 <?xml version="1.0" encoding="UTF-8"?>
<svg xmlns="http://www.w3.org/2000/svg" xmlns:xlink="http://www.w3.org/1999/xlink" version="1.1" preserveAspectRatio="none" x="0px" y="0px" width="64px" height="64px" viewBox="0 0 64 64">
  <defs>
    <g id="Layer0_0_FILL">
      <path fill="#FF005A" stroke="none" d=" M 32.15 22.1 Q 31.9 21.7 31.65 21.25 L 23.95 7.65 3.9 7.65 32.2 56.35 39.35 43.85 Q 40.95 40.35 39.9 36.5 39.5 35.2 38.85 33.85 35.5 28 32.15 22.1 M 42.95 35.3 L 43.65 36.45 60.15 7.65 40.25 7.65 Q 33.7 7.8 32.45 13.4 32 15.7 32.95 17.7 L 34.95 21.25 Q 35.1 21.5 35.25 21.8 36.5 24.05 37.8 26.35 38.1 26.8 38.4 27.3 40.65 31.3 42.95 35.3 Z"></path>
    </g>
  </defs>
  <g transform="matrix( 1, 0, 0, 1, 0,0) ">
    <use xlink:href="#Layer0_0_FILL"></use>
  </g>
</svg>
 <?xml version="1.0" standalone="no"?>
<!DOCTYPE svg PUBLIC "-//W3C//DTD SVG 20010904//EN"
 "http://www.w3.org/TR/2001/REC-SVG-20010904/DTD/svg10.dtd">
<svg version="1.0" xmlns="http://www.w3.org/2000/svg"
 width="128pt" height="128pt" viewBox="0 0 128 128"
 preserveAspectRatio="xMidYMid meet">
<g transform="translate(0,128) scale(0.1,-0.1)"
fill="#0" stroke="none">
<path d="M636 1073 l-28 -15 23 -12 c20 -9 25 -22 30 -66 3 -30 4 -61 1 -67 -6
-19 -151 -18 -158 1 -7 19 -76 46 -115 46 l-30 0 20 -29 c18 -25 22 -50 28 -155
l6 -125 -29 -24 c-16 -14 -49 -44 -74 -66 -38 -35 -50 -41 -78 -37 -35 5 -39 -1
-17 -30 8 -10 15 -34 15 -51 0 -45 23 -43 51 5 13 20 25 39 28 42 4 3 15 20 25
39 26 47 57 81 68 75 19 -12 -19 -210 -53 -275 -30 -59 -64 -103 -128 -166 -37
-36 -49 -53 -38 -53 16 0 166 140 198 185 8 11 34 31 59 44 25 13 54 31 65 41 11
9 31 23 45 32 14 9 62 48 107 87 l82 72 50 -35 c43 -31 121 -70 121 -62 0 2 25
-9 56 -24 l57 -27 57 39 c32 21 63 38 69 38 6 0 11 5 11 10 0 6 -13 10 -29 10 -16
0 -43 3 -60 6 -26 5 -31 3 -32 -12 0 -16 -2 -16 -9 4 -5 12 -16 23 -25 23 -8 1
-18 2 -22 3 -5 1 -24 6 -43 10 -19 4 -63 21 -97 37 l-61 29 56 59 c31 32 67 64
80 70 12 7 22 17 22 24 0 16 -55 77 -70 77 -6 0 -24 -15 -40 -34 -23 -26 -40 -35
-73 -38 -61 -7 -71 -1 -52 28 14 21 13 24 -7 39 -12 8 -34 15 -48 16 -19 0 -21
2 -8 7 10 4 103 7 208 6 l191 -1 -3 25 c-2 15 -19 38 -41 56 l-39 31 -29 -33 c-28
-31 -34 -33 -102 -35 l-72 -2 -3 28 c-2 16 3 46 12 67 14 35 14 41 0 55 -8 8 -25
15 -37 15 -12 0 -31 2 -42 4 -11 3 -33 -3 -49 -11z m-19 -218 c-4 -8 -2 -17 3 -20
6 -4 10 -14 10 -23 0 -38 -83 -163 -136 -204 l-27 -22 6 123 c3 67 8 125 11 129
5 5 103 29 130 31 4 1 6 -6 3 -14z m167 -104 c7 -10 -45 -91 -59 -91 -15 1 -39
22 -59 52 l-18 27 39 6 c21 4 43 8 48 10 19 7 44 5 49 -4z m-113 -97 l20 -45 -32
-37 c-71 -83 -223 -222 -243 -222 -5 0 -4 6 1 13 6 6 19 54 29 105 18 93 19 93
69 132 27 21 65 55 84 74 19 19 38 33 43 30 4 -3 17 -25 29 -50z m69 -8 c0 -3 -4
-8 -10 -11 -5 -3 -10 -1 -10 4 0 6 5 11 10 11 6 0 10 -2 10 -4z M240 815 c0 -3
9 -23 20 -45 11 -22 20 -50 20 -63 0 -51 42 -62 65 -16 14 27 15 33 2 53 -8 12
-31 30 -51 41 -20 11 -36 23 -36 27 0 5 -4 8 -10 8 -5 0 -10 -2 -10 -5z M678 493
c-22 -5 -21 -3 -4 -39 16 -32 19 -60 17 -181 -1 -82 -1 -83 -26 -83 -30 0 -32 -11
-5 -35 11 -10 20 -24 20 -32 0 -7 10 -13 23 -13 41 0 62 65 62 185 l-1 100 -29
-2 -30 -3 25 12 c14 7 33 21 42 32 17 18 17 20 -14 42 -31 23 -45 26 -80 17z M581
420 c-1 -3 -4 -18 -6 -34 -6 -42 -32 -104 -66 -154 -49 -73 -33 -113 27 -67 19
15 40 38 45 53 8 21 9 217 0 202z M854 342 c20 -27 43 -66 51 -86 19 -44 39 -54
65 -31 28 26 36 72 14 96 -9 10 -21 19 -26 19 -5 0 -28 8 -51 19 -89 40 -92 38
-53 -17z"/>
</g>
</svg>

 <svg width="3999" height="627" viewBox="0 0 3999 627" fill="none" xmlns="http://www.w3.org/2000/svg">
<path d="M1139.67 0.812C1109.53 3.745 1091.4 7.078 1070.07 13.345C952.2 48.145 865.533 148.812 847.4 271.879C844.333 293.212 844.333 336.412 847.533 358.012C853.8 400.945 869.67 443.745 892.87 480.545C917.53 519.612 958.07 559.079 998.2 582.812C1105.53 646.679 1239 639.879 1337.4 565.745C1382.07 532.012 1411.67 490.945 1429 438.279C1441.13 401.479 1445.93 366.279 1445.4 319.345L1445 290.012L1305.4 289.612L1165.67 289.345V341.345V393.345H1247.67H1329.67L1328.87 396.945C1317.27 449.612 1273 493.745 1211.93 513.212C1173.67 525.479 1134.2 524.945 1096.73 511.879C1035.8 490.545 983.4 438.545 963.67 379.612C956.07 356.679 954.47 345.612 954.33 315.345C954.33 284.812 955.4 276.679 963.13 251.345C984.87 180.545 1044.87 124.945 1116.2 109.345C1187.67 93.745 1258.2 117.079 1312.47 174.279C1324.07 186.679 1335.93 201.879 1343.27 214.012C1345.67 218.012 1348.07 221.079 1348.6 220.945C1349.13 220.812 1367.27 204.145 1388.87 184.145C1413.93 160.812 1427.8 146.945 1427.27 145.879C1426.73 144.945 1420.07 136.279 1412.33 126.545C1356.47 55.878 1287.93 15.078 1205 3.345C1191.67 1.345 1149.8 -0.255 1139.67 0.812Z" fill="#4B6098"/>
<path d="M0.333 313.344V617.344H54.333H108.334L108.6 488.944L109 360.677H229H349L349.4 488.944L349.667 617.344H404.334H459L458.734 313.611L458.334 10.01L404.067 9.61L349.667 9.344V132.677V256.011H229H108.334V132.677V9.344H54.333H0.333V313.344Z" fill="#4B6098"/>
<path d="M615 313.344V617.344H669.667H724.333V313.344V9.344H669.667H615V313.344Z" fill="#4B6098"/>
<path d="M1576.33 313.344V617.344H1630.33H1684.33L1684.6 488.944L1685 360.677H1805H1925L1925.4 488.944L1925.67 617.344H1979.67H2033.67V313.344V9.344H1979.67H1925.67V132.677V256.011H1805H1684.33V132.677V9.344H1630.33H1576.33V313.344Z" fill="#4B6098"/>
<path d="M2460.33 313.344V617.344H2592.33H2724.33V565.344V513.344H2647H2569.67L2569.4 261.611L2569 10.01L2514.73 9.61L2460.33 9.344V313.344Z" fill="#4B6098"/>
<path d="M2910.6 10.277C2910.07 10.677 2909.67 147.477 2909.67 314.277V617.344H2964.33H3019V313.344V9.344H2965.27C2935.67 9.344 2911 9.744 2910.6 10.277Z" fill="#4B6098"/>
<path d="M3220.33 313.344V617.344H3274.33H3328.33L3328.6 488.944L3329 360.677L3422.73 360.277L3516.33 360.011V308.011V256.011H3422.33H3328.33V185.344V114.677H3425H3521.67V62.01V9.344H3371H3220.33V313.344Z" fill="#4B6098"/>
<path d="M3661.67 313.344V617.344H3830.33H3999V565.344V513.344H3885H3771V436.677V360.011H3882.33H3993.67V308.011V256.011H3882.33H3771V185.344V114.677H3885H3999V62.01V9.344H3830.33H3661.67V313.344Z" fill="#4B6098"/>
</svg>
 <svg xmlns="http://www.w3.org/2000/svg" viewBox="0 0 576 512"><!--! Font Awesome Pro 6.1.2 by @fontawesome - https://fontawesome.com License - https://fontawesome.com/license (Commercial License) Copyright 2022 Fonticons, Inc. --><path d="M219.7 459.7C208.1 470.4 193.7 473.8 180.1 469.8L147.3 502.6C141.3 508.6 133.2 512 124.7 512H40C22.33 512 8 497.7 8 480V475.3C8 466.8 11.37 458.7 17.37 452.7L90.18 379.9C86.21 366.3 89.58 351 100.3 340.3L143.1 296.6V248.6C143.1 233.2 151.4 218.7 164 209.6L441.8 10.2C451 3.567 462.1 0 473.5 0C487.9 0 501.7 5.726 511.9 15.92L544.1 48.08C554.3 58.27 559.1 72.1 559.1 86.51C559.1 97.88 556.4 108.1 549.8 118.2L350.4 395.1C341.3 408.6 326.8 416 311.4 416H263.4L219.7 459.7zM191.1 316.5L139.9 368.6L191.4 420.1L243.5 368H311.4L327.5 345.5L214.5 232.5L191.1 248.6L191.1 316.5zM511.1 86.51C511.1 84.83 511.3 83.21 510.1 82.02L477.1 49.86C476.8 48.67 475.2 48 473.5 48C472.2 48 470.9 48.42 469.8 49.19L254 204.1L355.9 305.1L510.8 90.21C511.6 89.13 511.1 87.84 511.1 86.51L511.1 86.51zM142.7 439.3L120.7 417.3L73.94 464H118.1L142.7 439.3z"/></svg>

# # # # #

* Task description *
Look above for the line with "-73 -38 -61" and the line with "-5 -35 11 -10". Write out those two lines and all the lines between them, exactly, and no others.

* Result of the task *
-73 -38 -61 -7 -71 -1 -52 28 14 21 13 24 -7 39 -12 8 -34 15 -48 16 -19 0 -21
2 -8 7 10 4 103 7 208 6 l191 -1 -3 25 c-2 15 -19 38 -41 56 l-39 31 -29 -33 c-28
-31 -34 -33 -102 -35 l-72 -2 -3 28 c-2 16 3 46 12 67 14 35 14 41 0 55 -8 8 -25
15 -37 15 -12 0 -31 2 -42 4 -11 3 -33 -3 -49 -11z m-19 -218 c-4 -8 -2 -17 3 -20
6 -4 10 -14 10 -23 0 -38 -83 -163 -136 -204 l-27 -22 6 123 c3 67 8 125 11 129
5 5 103 29 130 31 4 1 6 -6 3 -14z m167 -104 c7 -10 -45 -91 -59 -91 -15 1 -39
22 -59 52 l-18 27 39 6 c21 4 43 8 48 10 19 7 44 5 49 -4z m-113 -97 l20 -45 -32
-37 c-71 -83 -223 -222 -243 -222 -5 0 -4 6 1 13 6 6 19 54 29 105 18 93 19 93
69 132 27 21 65 55 84 74 19 19 38 33 43 30 4 -3 17 -25 29 -50z m69 -8 c0 -3 -4
-8 -10 -11 -5 -3 -10 -1 -10 4 0 6 5 11 10 11 6 0 10 -2 10 -4z M240 815 c0 -3
9 -23 20 -45 11 -22 20 -50 20 -63 0 -51 42 -62 65 -16 14 27 15 33 2 53 -8 12
-31 30 -51 41 -20 11 -36 23 -36 27 0 5 -4 8 -10 8 -5 0 -10 -2 -10 -5z M678 493
c-22 -5 -21 -3 -4 -39 16 -32 19 -60 17 -181 -1 -82 -1 -83 -26 -83 -30 0 -32 -11
-5 -35 11 -10 20 -24 20 -32 0 -7 10 -13 23 -13 41 0 62 65 62 185 l-1 100 -29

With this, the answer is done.